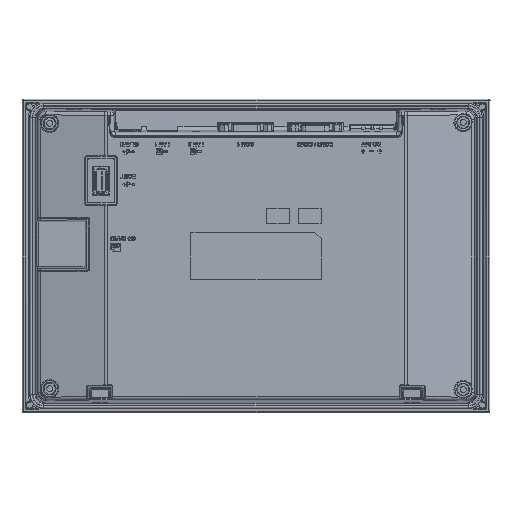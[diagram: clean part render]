
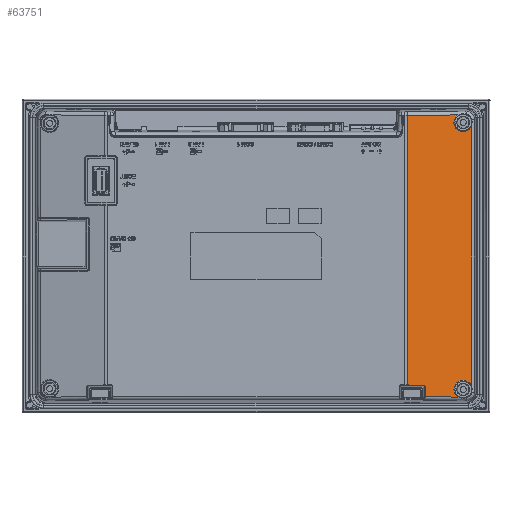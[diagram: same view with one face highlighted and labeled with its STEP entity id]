
A CAD part, front view. The second image highlights one B-rep face of the part: STEP entity #63751.
In plain terms, the highlighted planar face has unit normal (0.196, -0.981, 0).
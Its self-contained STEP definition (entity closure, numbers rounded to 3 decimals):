
#2682=B_SPLINE_CURVE_WITH_KNOTS('',3,(#96816,#96817,#96818,#96819,#96820,
#96821,#96822),.UNSPECIFIED.,.F.,.U.,(4,1,1,1,4),(0.,0.25,0.5,0.75,1.),
 .UNSPECIFIED.);
#2781=B_SPLINE_CURVE_WITH_KNOTS('',3,(#99235,#99236,#99237,#99238,#99239,
#99240,#99241),.UNSPECIFIED.,.F.,.U.,(4,1,1,1,4),(0.,0.25,0.5,0.75,1.),
 .UNSPECIFIED.);
#2782=B_SPLINE_CURVE_WITH_KNOTS('',3,(#99244,#99245,#99246,#99247,#99248,
#99249,#99250,#99251,#99252,#99253,#99254,#99255,#99256),.UNSPECIFIED.,
 .F.,.U.,(4,1,1,1,1,1,1,1,1,1,4),(0.,0.1,0.2,0.3,0.4,0.5,0.6,0.7,0.8,0.9,
1.),.UNSPECIFIED.);
#2783=B_SPLINE_CURVE_WITH_KNOTS('',3,(#99260,#99261,#99262,#99263,#99264,
#99265,#99266,#99267,#99268,#99269,#99270,#99271,#99272),.UNSPECIFIED.,
 .F.,.U.,(4,1,1,1,1,1,1,1,1,1,4),(0.,0.1,0.2,0.3,0.4,0.5,0.6,0.7,0.8,0.9,
1.),.UNSPECIFIED.);
#2784=B_SPLINE_CURVE_WITH_KNOTS('',3,(#99274,#99275,#99276,#99277,#99278,
#99279,#99280),.UNSPECIFIED.,.F.,.U.,(4,1,1,1,4),(0.,0.25,0.5,0.75,1.),
 .UNSPECIFIED.);
#6188=VERTEX_POINT('',#96572);
#6189=VERTEX_POINT('',#96574);
#6190=VERTEX_POINT('',#96823);
#6201=VERTEX_POINT('',#96961);
#6202=VERTEX_POINT('',#96970);
#6341=VERTEX_POINT('',#99222);
#6342=VERTEX_POINT('',#99234);
#6343=VERTEX_POINT('',#99257);
#6344=VERTEX_POINT('',#99259);
#6345=VERTEX_POINT('',#99273);
#6346=VERTEX_POINT('',#99281);
#12245=VECTOR('',#74300,1.);
#12256=VECTOR('',#74330,1.);
#12387=VECTOR('',#74706,1.);
#12388=VECTOR('',#74707,1.);
#12389=VECTOR('',#74708,1.);
#12390=VECTOR('',#74709,1.);
#19593=LINE('',#96573,#12245);
#19604=LINE('',#96969,#12256);
#19735=LINE('',#99243,#12387);
#19736=LINE('',#99258,#12388);
#19737=LINE('',#99282,#12389);
#19738=LINE('',#99283,#12390);
#27831=EDGE_CURVE('',#6188,#6189,#19593,.T.);
#27833=EDGE_CURVE('',#6189,#6190,#2682,.T.);
#27854=EDGE_CURVE('',#6201,#6202,#19604,.T.);
#28122=EDGE_CURVE('',#6342,#6341,#2781,.T.);
#28123=EDGE_CURVE('',#6341,#6188,#19735,.T.);
#28124=EDGE_CURVE('',#6342,#6343,#2782,.T.);
#28125=EDGE_CURVE('',#6343,#6344,#19736,.T.);
#28126=EDGE_CURVE('',#6345,#6344,#2783,.T.);
#28127=EDGE_CURVE('',#6345,#6346,#2784,.T.);
#28128=EDGE_CURVE('',#6202,#6346,#19737,.T.);
#28129=EDGE_CURVE('',#6201,#6190,#19738,.T.);
#39806=ORIENTED_EDGE('',*,*,#27833,.F.);
#39807=ORIENTED_EDGE('',*,*,#27831,.F.);
#39808=ORIENTED_EDGE('',*,*,#28123,.F.);
#39809=ORIENTED_EDGE('',*,*,#28122,.F.);
#39810=ORIENTED_EDGE('',*,*,#28124,.T.);
#39811=ORIENTED_EDGE('',*,*,#28125,.T.);
#39812=ORIENTED_EDGE('',*,*,#28126,.F.);
#39813=ORIENTED_EDGE('',*,*,#28127,.T.);
#39814=ORIENTED_EDGE('',*,*,#28128,.F.);
#39815=ORIENTED_EDGE('',*,*,#27854,.F.);
#39816=ORIENTED_EDGE('',*,*,#28129,.T.);
#55879=EDGE_LOOP('',(#39806,#39807,#39808,#39809,#39810,#39811,#39812,#39813,
#39814,#39815,#39816));
#59856=FACE_BOUND('',#55879,.T.);
#63751=ADVANCED_FACE('',(#59856),#123682,.F.);
#67721=AXIS2_PLACEMENT_3D('',#99242,#74705,$);
#74300=DIRECTION('',(0.,0.,1.));
#74330=DIRECTION('',(0.,0.,1.));
#74705=DIRECTION('',(-0.196,0.981,0.));
#74706=DIRECTION('',(-0.981,-0.196,0.01));
#74707=DIRECTION('',(0.,0.,1.));
#74708=DIRECTION('',(0.981,0.196,0.01));
#74709=DIRECTION('',(0.981,0.196,-0.007));
#96572=CARTESIAN_POINT('',(97.51,-38.07,-81.157));
#96573=CARTESIAN_POINT('',(97.51,-38.07,-81.157));
#96574=CARTESIAN_POINT('',(97.51,-38.07,-75.255));
#96816=CARTESIAN_POINT('',(97.51,-38.07,-75.255));
#96817=CARTESIAN_POINT('',(97.512,-38.069,-75.154));
#96818=CARTESIAN_POINT('',(97.479,-38.076,-74.963));
#96819=CARTESIAN_POINT('',(97.289,-38.114,-74.668));
#96820=CARTESIAN_POINT('',(97.039,-38.164,-74.501));
#96821=CARTESIAN_POINT('',(96.831,-38.206,-74.455));
#96822=CARTESIAN_POINT('',(96.716,-38.229,-74.45));
#96823=CARTESIAN_POINT('',(96.716,-38.229,-74.45));
#96961=CARTESIAN_POINT('',(87.483,-40.075,-74.385));
#96969=CARTESIAN_POINT('',(87.483,-40.075,-74.385));
#96970=CARTESIAN_POINT('',(87.483,-40.075,81.052));
#99222=CARTESIAN_POINT('',(116.472,-34.278,-81.356));
#99234=CARTESIAN_POINT('',(114.152,-34.741,-77.));
#99235=CARTESIAN_POINT('',(114.152,-34.741,-77.));
#99236=CARTESIAN_POINT('',(114.146,-34.743,-77.392));
#99237=CARTESIAN_POINT('',(114.232,-34.725,-78.169));
#99238=CARTESIAN_POINT('',(114.691,-34.634,-79.425));
#99239=CARTESIAN_POINT('',(115.358,-34.5,-80.439));
#99240=CARTESIAN_POINT('',(116.064,-34.359,-81.065));
#99241=CARTESIAN_POINT('',(116.472,-34.278,-81.356));
#99242=CARTESIAN_POINT('',(105.907,-36.39,0.));
#99243=CARTESIAN_POINT('',(116.472,-34.278,-81.356));
#99244=CARTESIAN_POINT('',(114.152,-34.741,-77.));
#99245=CARTESIAN_POINT('',(114.162,-34.739,-76.481));
#99246=CARTESIAN_POINT('',(114.306,-34.711,-75.499));
#99247=CARTESIAN_POINT('',(114.832,-34.605,-74.282));
#99248=CARTESIAN_POINT('',(115.836,-34.405,-73.054));
#99249=CARTESIAN_POINT('',(116.982,-34.175,-72.271));
#99250=CARTESIAN_POINT('',(118.336,-33.905,-71.791));
#99251=CARTESIAN_POINT('',(119.846,-33.603,-71.695));
#99252=CARTESIAN_POINT('',(121.315,-33.309,-72.038));
#99253=CARTESIAN_POINT('',(122.584,-33.055,-72.74));
#99254=CARTESIAN_POINT('',(123.663,-32.839,-73.807));
#99255=CARTESIAN_POINT('',(124.142,-32.743,-74.696));
#99256=CARTESIAN_POINT('',(124.331,-32.706,-75.192));
#99257=CARTESIAN_POINT('',(124.331,-32.706,-75.192));
#99258=CARTESIAN_POINT('',(124.331,-32.706,-75.192));
#99259=CARTESIAN_POINT('',(124.331,-32.706,75.192));
#99260=CARTESIAN_POINT('',(114.152,-34.741,77.));
#99261=CARTESIAN_POINT('',(114.138,-34.744,76.636));
#99262=CARTESIAN_POINT('',(114.226,-34.727,75.877));
#99263=CARTESIAN_POINT('',(114.663,-34.639,74.597));
#99264=CARTESIAN_POINT('',(115.534,-34.465,73.329));
#99265=CARTESIAN_POINT('',(116.768,-34.218,72.377));
#99266=CARTESIAN_POINT('',(118.255,-33.921,71.797));
#99267=CARTESIAN_POINT('',(119.74,-33.624,71.685));
#99268=CARTESIAN_POINT('',(121.259,-33.32,72.03));
#99269=CARTESIAN_POINT('',(122.509,-33.07,72.65));
#99270=CARTESIAN_POINT('',(123.756,-32.821,73.937));
#99271=CARTESIAN_POINT('',(124.184,-32.735,74.753));
#99272=CARTESIAN_POINT('',(124.331,-32.706,75.192));
#99273=CARTESIAN_POINT('',(114.152,-34.741,77.));
#99274=CARTESIAN_POINT('',(114.152,-34.741,77.));
#99275=CARTESIAN_POINT('',(114.165,-34.739,77.475));
#99276=CARTESIAN_POINT('',(114.274,-34.717,78.361));
#99277=CARTESIAN_POINT('',(114.737,-34.624,79.497));
#99278=CARTESIAN_POINT('',(115.362,-34.499,80.436));
#99279=CARTESIAN_POINT('',(116.064,-34.359,81.057));
#99280=CARTESIAN_POINT('',(116.472,-34.278,81.356));
#99281=CARTESIAN_POINT('',(116.472,-34.278,81.356));
#99282=CARTESIAN_POINT('',(87.483,-40.075,81.052));
#99283=CARTESIAN_POINT('',(87.483,-40.075,-74.385));
#123682=PLANE('',#67721);

┄┄┄┄┄┄

__Problem to work on__
Reproduce word for word the material above, starting with the line that has "#67721=AXIS2_PLACEMENT_3D('',#99242,#74705,$);" and stopping after the line that has "#74709=DIRECTION('',(0.981,0.196,-0.007));".

__Output of the task__
#67721=AXIS2_PLACEMENT_3D('',#99242,#74705,$);
#74300=DIRECTION('',(0.,0.,1.));
#74330=DIRECTION('',(0.,0.,1.));
#74705=DIRECTION('',(-0.196,0.981,0.));
#74706=DIRECTION('',(-0.981,-0.196,0.01));
#74707=DIRECTION('',(0.,0.,1.));
#74708=DIRECTION('',(0.981,0.196,0.01));
#74709=DIRECTION('',(0.981,0.196,-0.007));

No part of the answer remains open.